韓浩東來到之后的幾天除了看秀就在酒店待著,巴黎他不是第一次來,沒太大興趣出去。更讓他有些打不起精神的是,鄭博年原本說好也會來,卻一直沒現身。電話里聲稱公司有事要處理晚兩天到,可是已經第三天了,那人還沒出現。

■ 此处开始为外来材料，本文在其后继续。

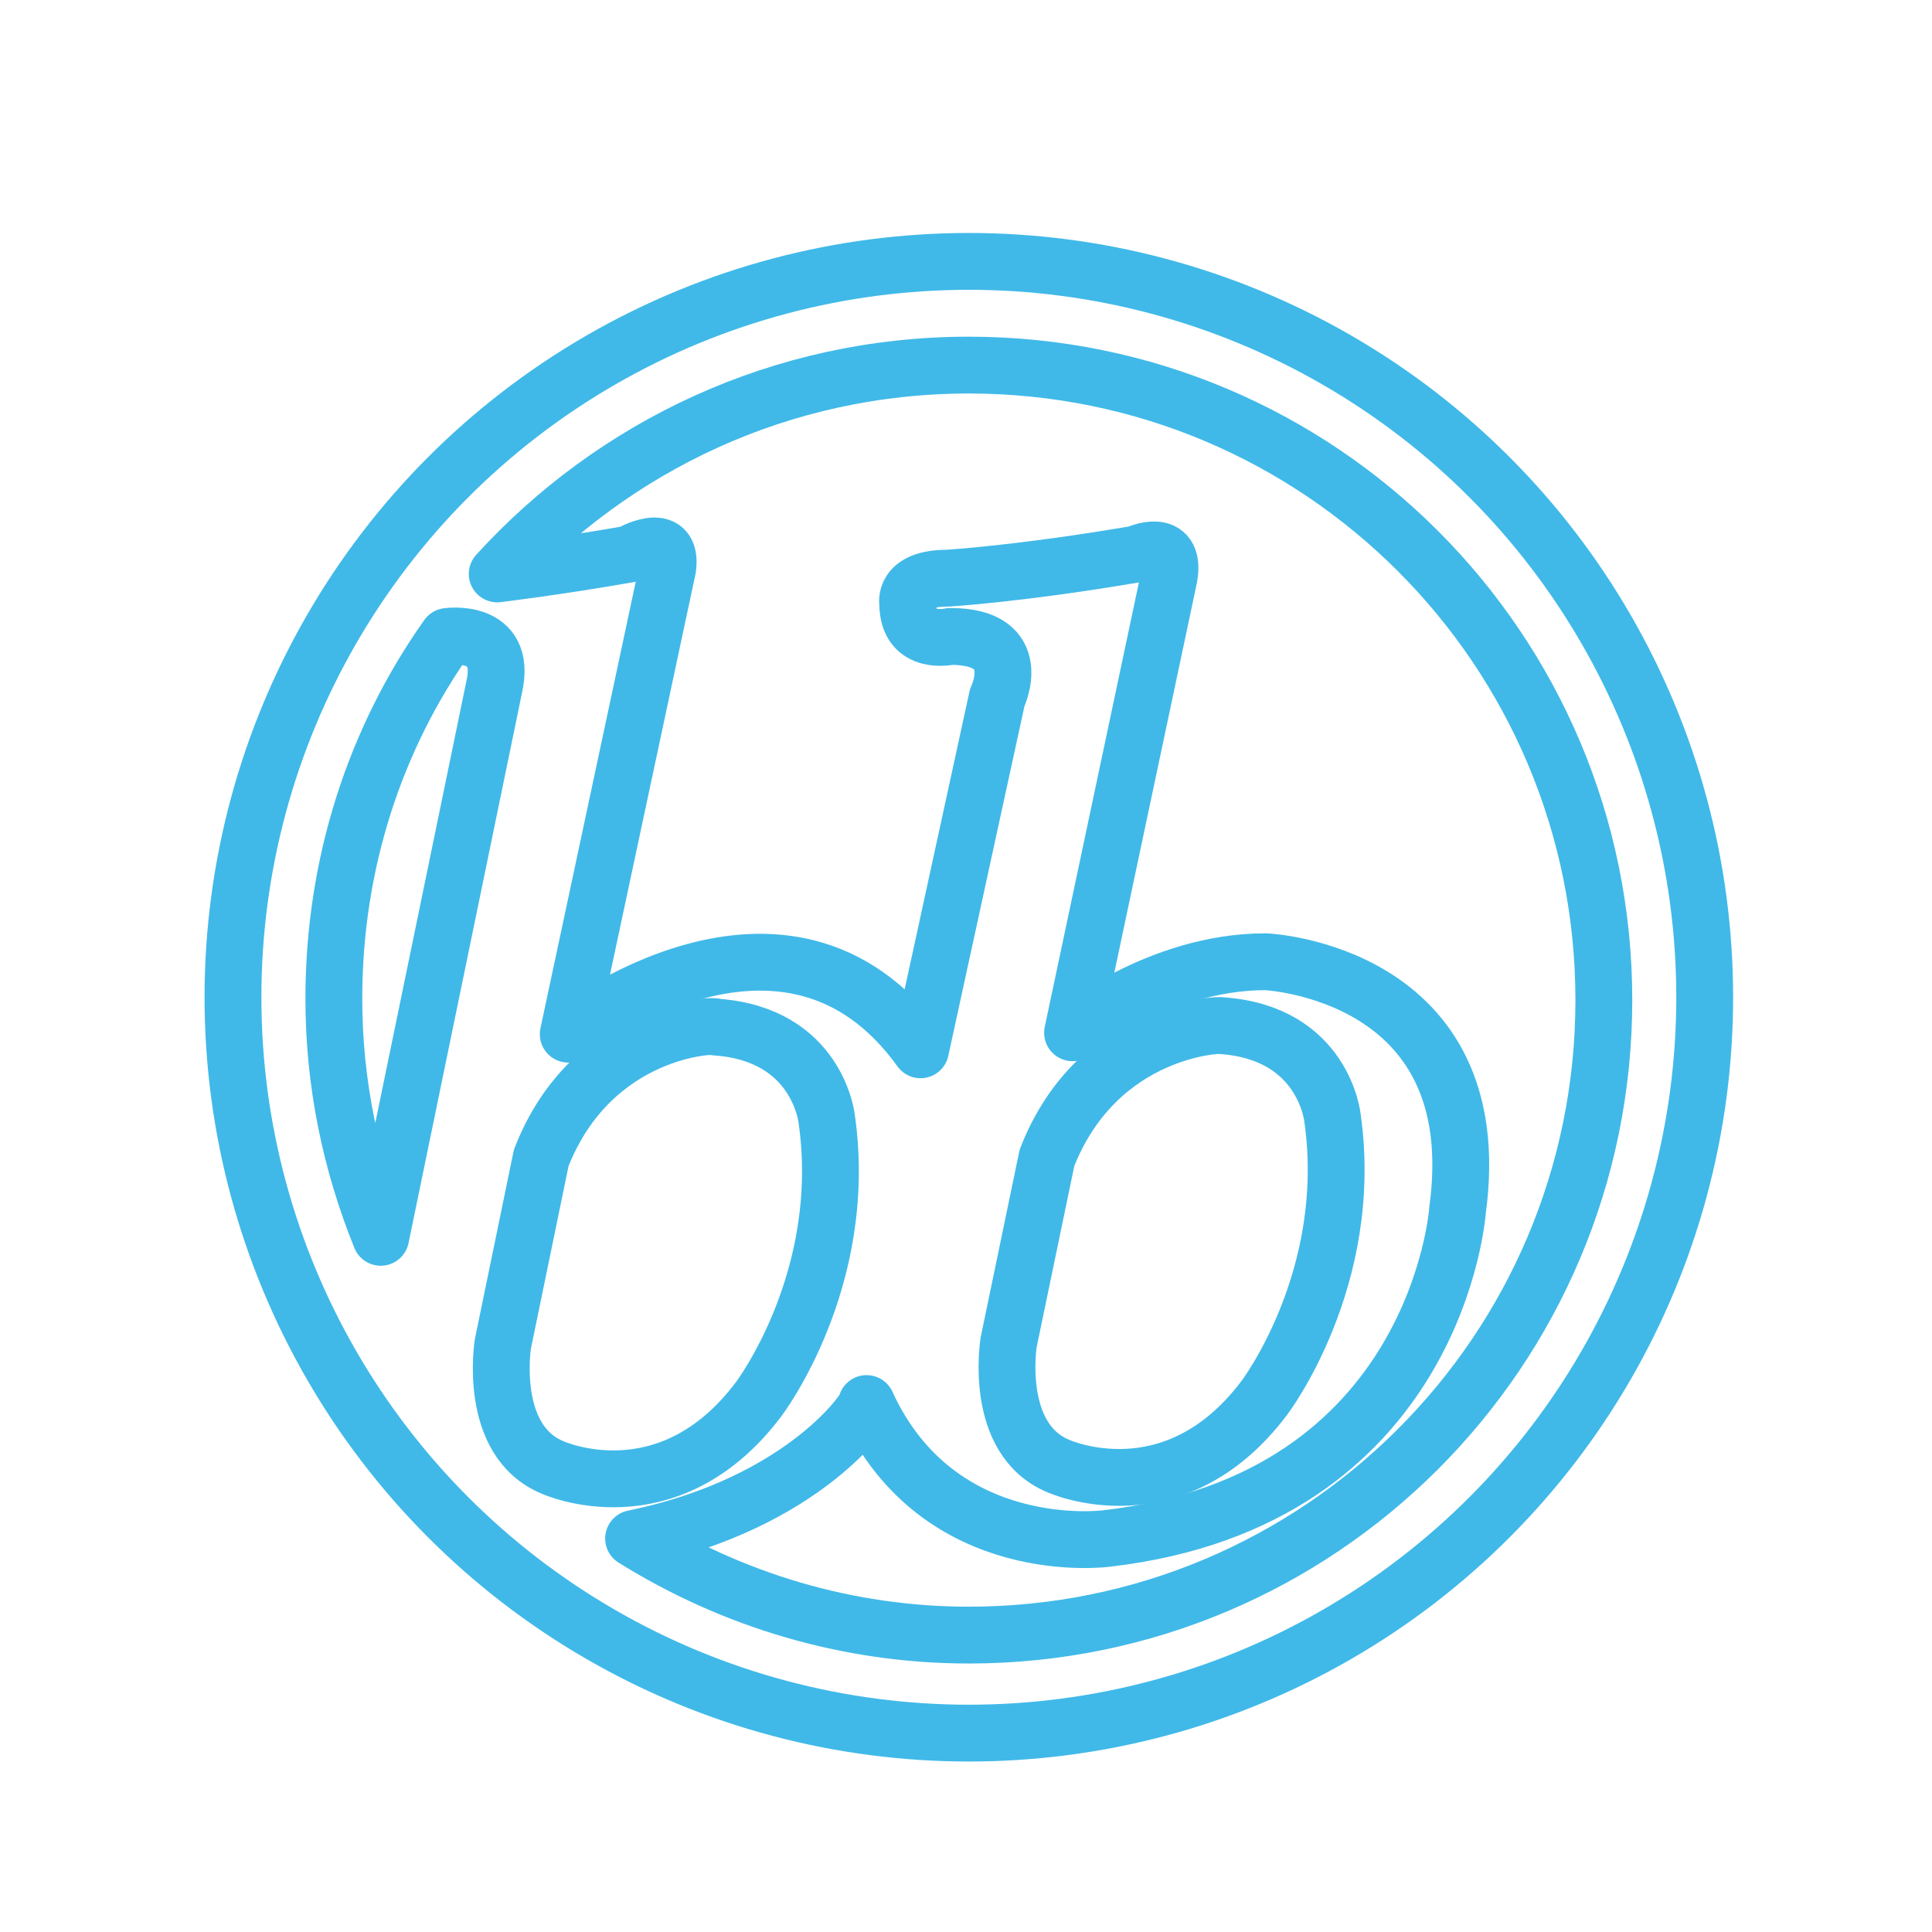 <?xml version="1.0"?>
<svg xmlns="http://www.w3.org/2000/svg" xmlns:xlink="http://www.w3.org/1999/xlink" version="1.1" id="Layer_1" x="0px" y="0px" width="136px" height="136px" viewBox="0 0 136 136" enable-background="new 0 0 136 136" xml:space="preserve" data-global-elvn="enableViewport, disableClick, full, startInvisible, notResponsive, 0, notLoop, 500">
<circle fill="none" stroke="#40B9E8" stroke-width="4" stroke-linecap="round" stroke-linejoin="round" stroke-miterlimit="10" cx="68.2" cy="70.2" r="51.8" data-elvn="drawLines, 0, 2000, #40b9e8, 5, notRandom" class="elvn-layer"/>
<path fill="none" stroke="#40B9E8" stroke-width="4" stroke-linecap="round" stroke-linejoin="round" stroke-miterlimit="10" d="  M26.8,87.1c-2.1-5.2-3.3-10.8-3.3-16.8c0-9.5,2.9-18.3,8-25.5c0,0,4.2-0.6,3.3,3.5L26.8,87.1z" data-elvn="drawLines, 0, 2000, #40b9e8, 5, notRandom" class="elvn-layer"/>
<path fill="none" stroke="#40B9E8" stroke-width="4" stroke-linecap="round" stroke-linejoin="round" stroke-miterlimit="10" d="  M44.6,108.3c6.9,4.3,15,6.8,23.6,6.8c24.7,0,44.7-20,44.7-44.7s-20-44.7-44.7-44.7c-13.2,0-25,5.7-33.2,14.7c0,0,4.2-0.5,9.3-1.4  c0,0,3.1-1.8,2.7,1l-7,32.8c0,0,15.3-12.1,24.8,1.1l5.4-24.8c0,0,2.1-4.3-3.3-4.3c0,0-3,0.7-3-2.3c0,0-0.4-1.8,2.8-1.8  c0,0,5.1-0.3,13.3-1.7c0,0,2.8-1.3,2.3,1.6l-6.8,32.1c0,0,6-5,13.6-5c0,0,15.8,0.7,13.5,17.5c0,0-1.4,20.4-24.7,23.1  c0,0-11.8,1.6-16.9-9.5C61.3,98.8,56.8,105.8,44.6,108.3z" data-elvn="drawLines, 0, 2000, #40b9e8, 5, notRandom" class="elvn-layer"/>
<path fill="none" stroke="#40B9E8" stroke-width="4" stroke-linecap="round" stroke-linejoin="round" stroke-miterlimit="10" d="  M38.1,81.5l-2.7,13.1c0,0-1.1,6.8,3.5,8.7c0,0,8.1,3.7,14.5-4.8c0,0,6.4-8.4,4.8-19.7c0,0-0.6-6-7.8-6.5  C50.5,72.1,41.7,72.3,38.1,81.5z" data-elvn="drawLines, 0, 2000, #40b9e8, 5, notRandom" class="elvn-layer"/>
<path fill="none" stroke="#40B9E8" stroke-width="4" stroke-linecap="round" stroke-linejoin="round" stroke-miterlimit="10" d="  M73.7,81.5L71,94.5c0,0-1.1,6.8,3.5,8.7c0,0,8.1,3.7,14.5-4.8c0,0,6.4-8.4,4.8-19.7c0,0-0.6-6-7.8-6.5  C86.1,72.1,77.3,72.3,73.7,81.5z" data-elvn="drawLines, 0, 2000, #40b9e8, 5, notRandom" class="elvn-layer"/>
</svg>
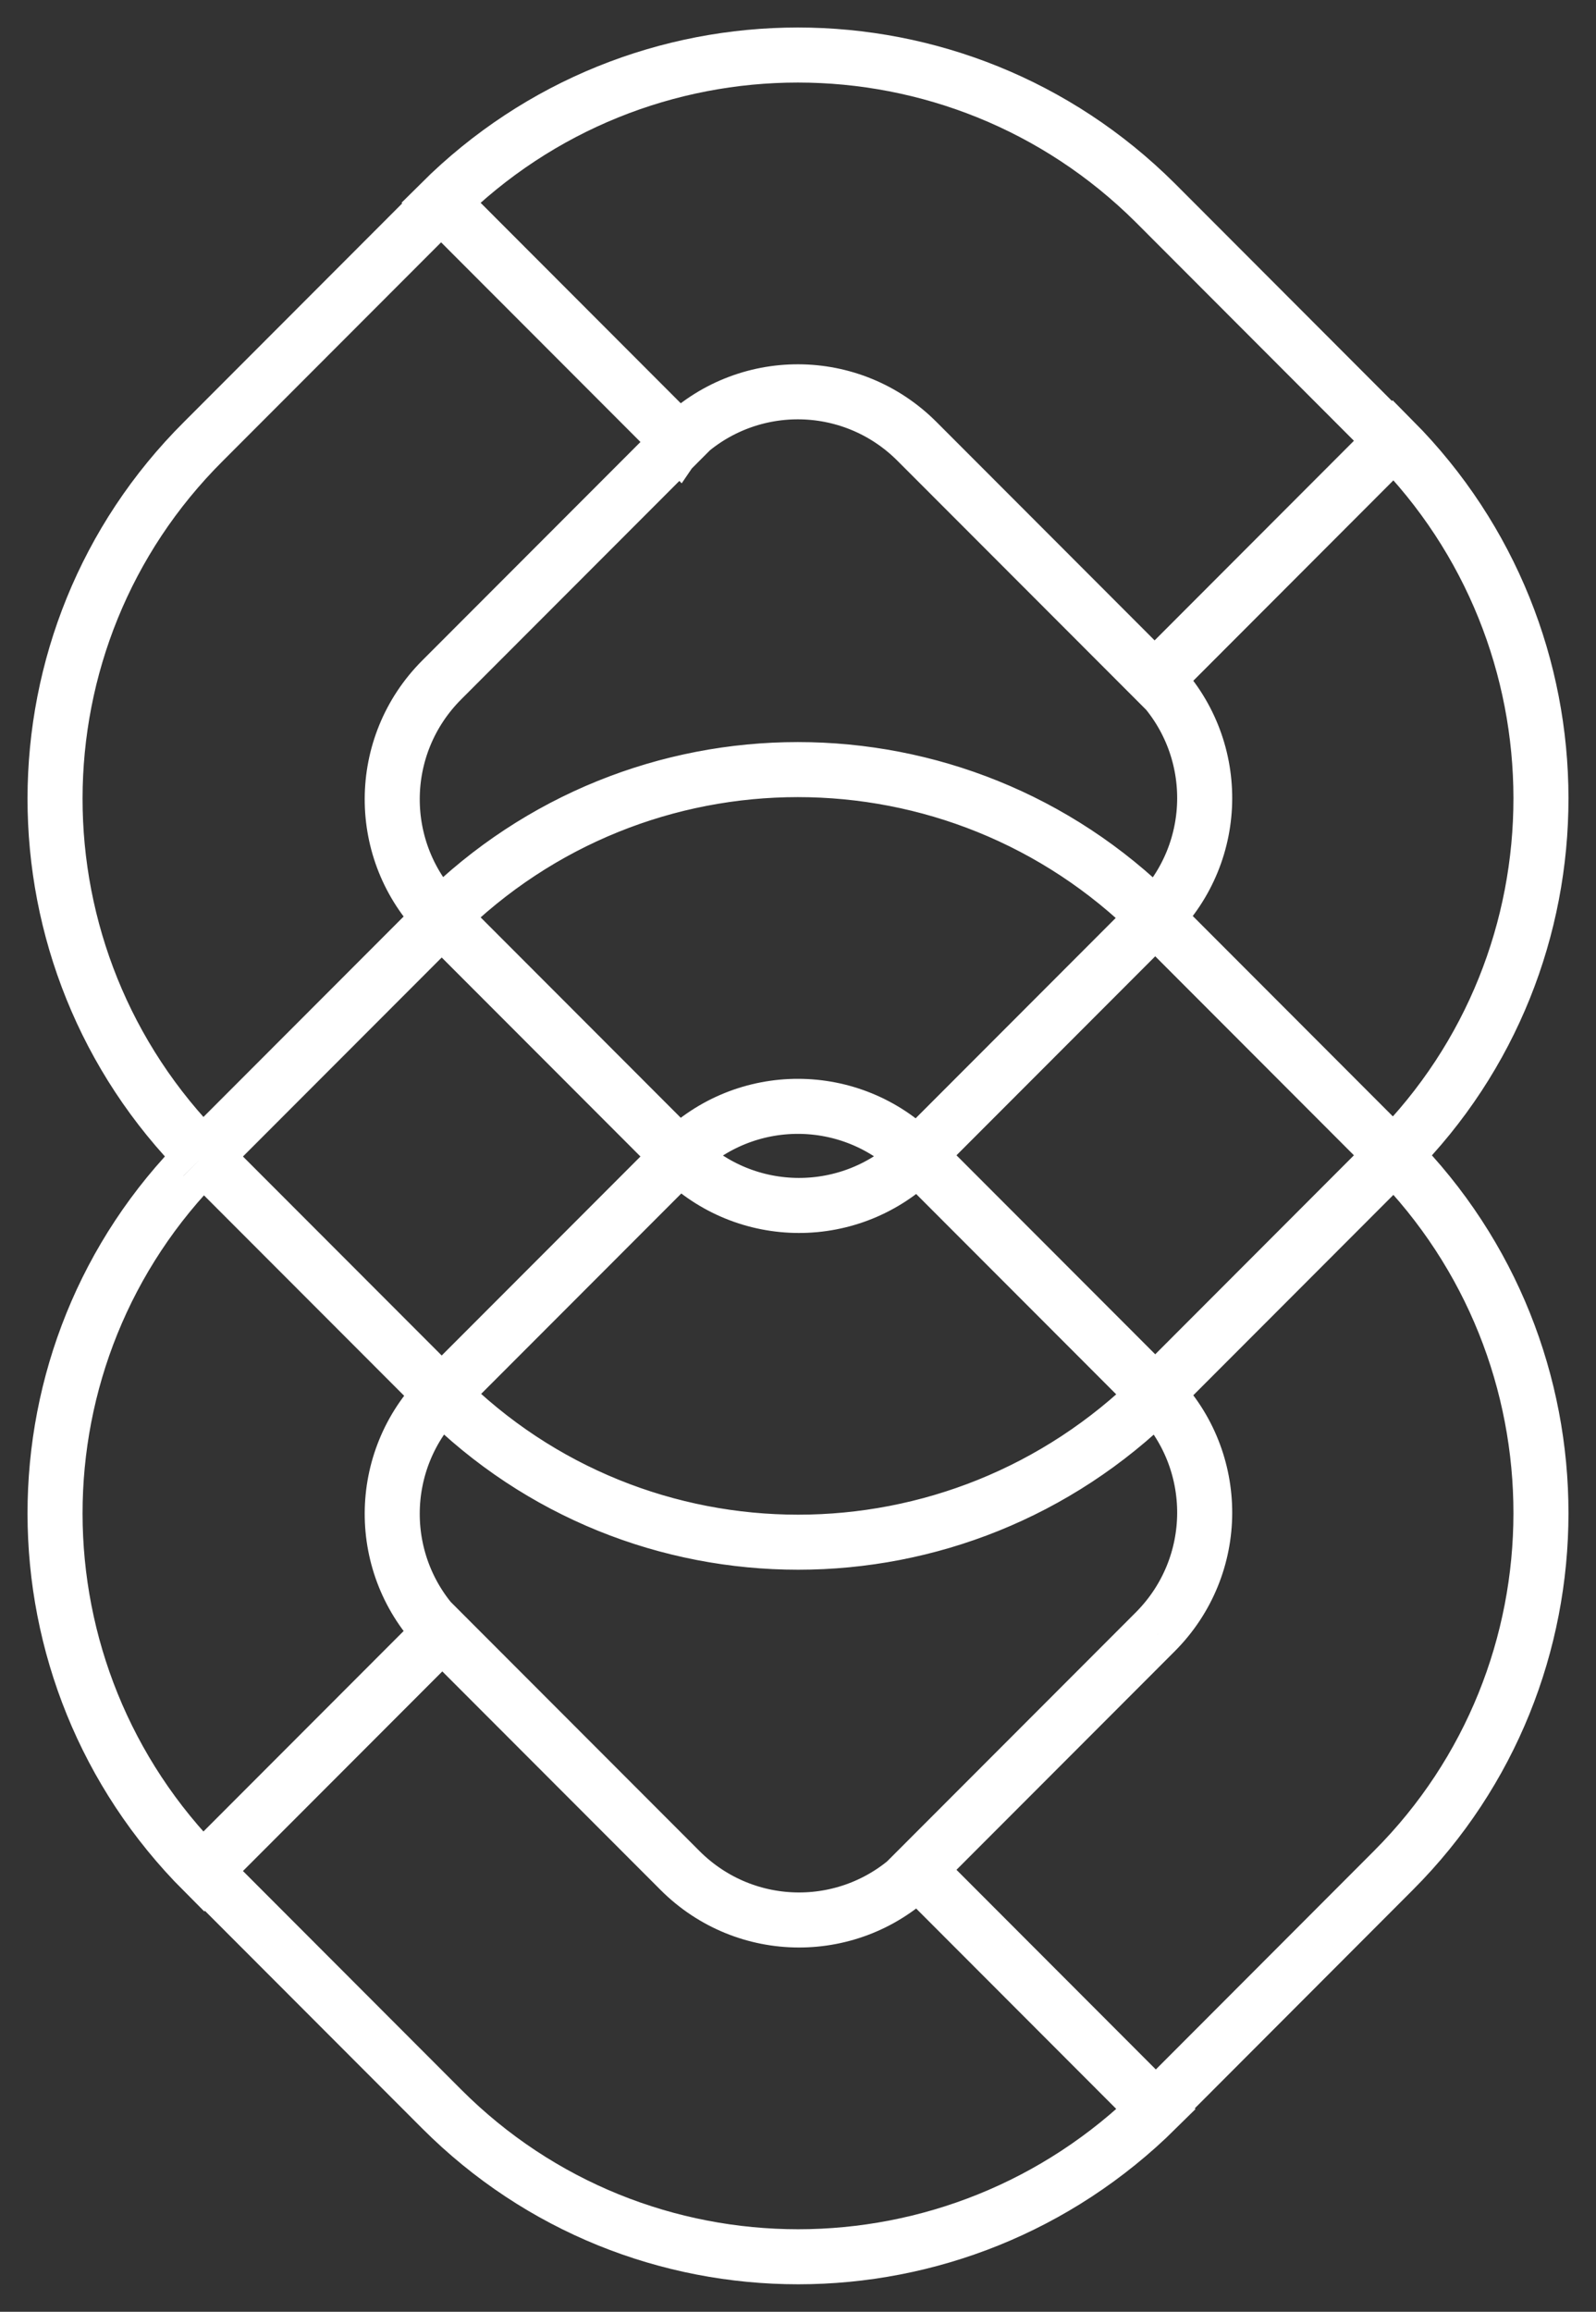 <?xml version="1.0" encoding="UTF-8"?> <svg xmlns="http://www.w3.org/2000/svg" width="29" height="42" viewBox="0 0 29 42" fill="none"><rect x="0" y="0" width="29" height="42" fill="#333333" stroke="none"/> <path d="M20.991 16.666C17.394 13.087 11.6 13.087 8.004 16.666M20.991 16.666L16.662 21M20.991 16.666L25.308 20.989M20.991 16.666C22.186 15.469 22.189 13.543 21.002 12.342M25.319 21L25.308 20.989M25.319 21L21.002 25.323M25.319 21C25.323 20.996 25.327 20.993 25.331 20.989M25.319 21L25.331 20.989M16.662 21L16.673 21.011M16.662 21C15.467 19.803 13.543 19.8 12.344 20.989M12.333 21C12.336 20.996 12.34 20.993 12.344 20.989M12.333 21L8.026 16.688M12.333 21L8.015 16.677M8.004 16.666L8.015 16.677M8.004 16.666C8.004 16.665 8.004 16.666 8.004 16.666ZM8.004 16.666C6.827 15.464 6.835 13.546 8.026 12.353M8.004 16.666C8.008 16.669 8.011 16.673 8.015 16.677M3.697 21L3.708 21.011M3.697 21C3.694 21.004 3.69 21.007 3.686 21.011M3.697 21L8.015 16.677M12.355 21L8.026 25.334M12.355 21C13.55 22.197 15.473 22.2 16.673 21.011M12.355 21L12.344 20.989M8.026 25.334C11.6 28.913 17.394 28.913 21.013 25.334M8.026 25.334L3.708 21.011M8.026 25.334C6.831 26.531 6.827 28.457 8.015 29.658M20.991 29.647L16.662 33.981L16.673 33.992M20.991 29.647C22.186 28.45 22.189 26.525 21.002 25.323M20.991 29.647C22.182 28.454 22.189 26.536 21.013 25.334M20.991 25.312L16.684 21M20.991 25.312L25.308 20.989M20.991 25.312C20.994 25.316 20.998 25.32 21.002 25.323M8.026 12.353L12.355 8.019L12.344 8.008M8.026 12.353C6.831 13.55 6.827 15.476 8.015 16.677M8.026 16.688L3.708 21.011M8.026 16.688C8.022 16.684 8.019 16.68 8.015 16.677M3.697 21.022L3.708 21.011M3.697 21.022C3.694 21.018 3.69 21.015 3.686 21.011M3.697 21.022L3.686 21.011M16.684 21C16.68 21.004 16.677 21.007 16.673 21.011M16.684 21L21.002 25.323M21.013 25.334C21.009 25.331 21.005 25.327 21.002 25.323M21.013 25.334L21.002 25.323M21.013 25.334C21.013 25.335 21.013 25.334 21.013 25.334ZM25.308 20.989L25.319 20.978C25.323 20.982 25.327 20.985 25.331 20.989M16.673 21.011L20.991 25.334L21.002 25.323M12.344 20.989L8.026 16.666L8.015 16.677M12.344 8.008C12.34 8.011 12.336 8.015 12.333 8.019L8.015 3.695M12.344 8.008L8.026 3.684L8.015 3.695M12.344 8.008C13.543 6.818 15.467 6.822 16.662 8.019L20.991 12.353L21.002 12.342M8.015 3.695L3.697 8.019C0.105 11.594 0.101 17.409 3.686 21.011M8.015 3.695L8.004 3.684C11.6 0.105 17.394 0.105 20.991 3.684L25.308 8.008M3.686 21.011C0.101 24.591 0.105 30.406 3.697 34.004L3.708 33.992M21.002 12.342C20.998 12.338 20.994 12.335 20.991 12.331L25.308 8.008M21.002 12.342L25.319 8.019L25.308 8.008M25.308 8.008L25.319 7.996C28.89 11.594 28.893 17.409 25.331 20.989M25.331 20.989C28.893 24.591 28.89 30.406 25.319 33.981L21.002 38.305M16.673 33.992C16.677 33.989 16.68 33.985 16.684 33.981L21.002 38.305M16.673 33.992L20.991 38.316L21.002 38.305M16.673 33.992C15.473 35.182 13.55 35.178 12.355 33.981L8.026 29.647L8.015 29.658M21.002 38.305L21.013 38.316C17.394 41.895 11.6 41.895 8.026 38.316L3.708 33.992M8.015 29.658C8.019 29.662 8.022 29.665 8.026 29.669L3.708 33.992M8.015 29.658L3.697 33.981L3.708 33.992" stroke="white" stroke-miterlimit="10"></path> </svg>

韓浩東不得不承認,也就才三天沒看到那個熟悉身影,他就萎靡不振了,真是他媽的亂了套了。
然而最欣喜的事莫過于正想著的人出現了。
韓浩東坐在酒店落地窗前的椅子上翹著二郎腿聽音樂時,史峰鬼頭鬼腦地推門進來。他伸手拽掉耳機線扭頭:“怎么了,李姐又找我?”
史峰笑嘻嘻挪過來:“東哥,鄭先生來了。”
那一刻韓浩東竟然失態了,蹭地起身:“在哪兒呢?”
史峰嚇一跳:“他說他在一樓大廳左面拐角那兒等你,讓你收拾收拾下樓。”
韓浩東拿過外套大步走出去,回頭提醒:“李姐要是找我就說我去街拍了。”
史峰對著匆匆走出去的背影打了個OK的手勢。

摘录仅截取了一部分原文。